# Impossible drywall around tub surround



## Nealtw (Jun 22, 2017)

I would cut it back and add 2 2x4s one beside the tub and one behind the new join.


----------



## Fishwater (Sep 8, 2019)

Nealtw said:


> I would cut it back and add 2 2x4s one beside the tub and one behind the new join.


I can’t due to there being the hot air ducting. It’s hard to see in the pics but the duct is right next to 2x4 that the surround is screwed into.


----------



## finisher65 (Apr 7, 2019)

Sometimes cutting it back to the next stud and making it a bigger patch is the best solution. If it's not secured & you just fill it & flat tape it to the tub surround it's likely to crack.


----------



## Fishwater (Sep 8, 2019)

You can see the edge of the duct next to the stud that the surround is screwed into.


----------



## Nealtw (Jun 22, 2017)

Fishwater said:


> I can’t due to there being the hot air ducting. It’s hard to see in the pics but the duct is right next to 2x4 that the surround is screwed into.


Yeah, that doesn't work does it.


----------



## Nealtw (Jun 22, 2017)

Fishwater said:


> You can see the edge of the duct next to the stud that the surround is screwed into.


 Maybe if you glued a flat strap to the back of the drywall and then slipped it in behind the tub flange. 

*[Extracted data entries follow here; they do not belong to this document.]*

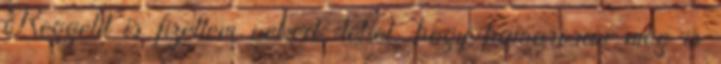
Reggelit is fizettem neked, lehet, hogy hamarosan meg is
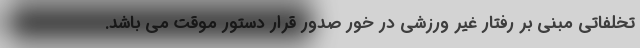
تخلفاتی مبنی بر رفتار غیر ورزشی در خور صدور قرار دستور موقت می باشد.
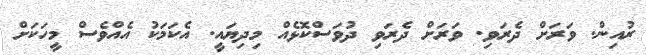
ރުއިން. ވަރަށް ދެރަވި. ވަރަށް ދެރަވި ދުވަސްކޮޅެއް މިދިޔައީ. އެކަމަކު އެއްވެސް މީހަކަށް
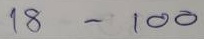
18 -100
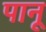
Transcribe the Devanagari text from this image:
पानू
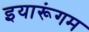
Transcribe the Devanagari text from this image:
इयारूंगम
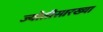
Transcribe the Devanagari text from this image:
ज्योतीसारख्या
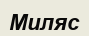
Миляс
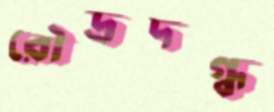
রৌদ্রদগ্ধ
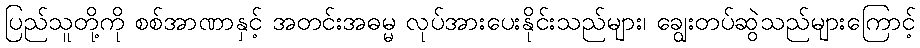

https://www.homedepot.com/p/Simpson...e-Galvanized-Medium-Strap-Tie-MST48/100374972


----------



## Gregsoldtruck79 (Dec 21, 2017)

What is the tub flange screwed to ? The drywall needs to go over on to the tub flange anyway. Fasten the DW to whatever the tub flange is fastened to maybe.


----------



## SPS-1 (Oct 21, 2008)

One possibility is to build it out. Then you can finish it properly. Might want to consider using cement board and tiling over the bump out. Only thing is - is there another duct one bay over ?


----------



## carpdad (Oct 11, 2010)

Fill with strip of drywall with a edge beading spaced away from the plastic with 1/8" wood strip. Finish the drywall and caulk the gap then add tall tub corner splash block. Or fill the gap with thinset, mesh, then finish with setting compound which is more resistant to water. You still need a spacer. Just one idea.
Looks like there are some drywall corner beads with raised edge that you can use as a guide.


----------



## Fishwater (Sep 8, 2019)

I think I’m just going to cut it back to the next stud. I did some measuring & there’s a stud in between the two ducts so I’ll have to cut the drywall back about 11”. I’ll feel better securing the drywall to the stud & flange vs what I currently have, the only downside is having a butt that runs the entire length of the wall from floor to ceiling. I’m also thinking about taking the rest of the drywall off over the tub on all three sides so there’s only the corners & ceiling to mud.


----------



## Nealtw (Jun 22, 2017)

Yes i would cut it back to the next stud, you might trim the tub flange so the drywall can share that stud.


----------



## Gregsoldtruck79 (Dec 21, 2017)

Nealtw said:


> Yes i would cut it back to the next stud, you might trim the tub flange so the drywall can share that stud.


Question... As I posted above, the drywall has to be cut fairly close to the tub so why would the tub flange need trimmed back ? Doesn't the DW have to sit on top of the tub flange anyway ? Unless of course, the OP is using some type of large PVC trim around the tub or it is being tiled. But I read no mention of cement board...

Would not just removing the existing tub flange screws, then set the DW over the flange, and then putting some 3/16 " drill holes through the DW and flange not work ? (drill holes are to prevent cracking the tub flange with the drywall screws)


----------



## Nealtw (Jun 22, 2017)

Gregsoldtruck79 said:


> Question... As I posted above, the drywall has to be cut fairly close to the tub so why would the tub flange need trimmed back ? Doesn't the DW have to sit on top of the tub flange anyway ? Unless of course, the OP is using some type of large PVC trim around the tub or it is being tiled. But I read no mention of cement board...


 usually the drywall does not overlap and then one row of tile go around as a trim, if the dry wall overlaps the tile does not sit flat.


----------



## Gregsoldtruck79 (Dec 21, 2017)

Nealtw said:


> usually the drywall does not overlap and then one row of tile go around as a trim, if the dry wall overlaps the tile does not sit flat.



That's a new wrinkle on my horn Neal. The acrylic tub/shower combo sets in my neck of the wood, the builders just drywall right up to within 3/16" of the tub over the flange and caulk it in.


----------



## Nealtw (Jun 22, 2017)

Gregsoldtruck79 said:


> That's a new wrinkle on my horn Neal. The acrylic tub/shower combo sets in my neck of the wood, the builders just drywall right up to within 3/16" of the tub over the flange and caulk it in.


 I haven't seen that for years, most here get on row of white 6x6 all around.


----------



## Gregsoldtruck79 (Dec 21, 2017)

I guess it depends on the "grade" of the builder or the private home owners budget. Here is the way the lower costing builders in my state do the ATS's. They even furnish the painter.


----------



## That Guy (Aug 19, 2017)

Lil bit of caulk, and your set.

why not glue the drywall to whatever?


----------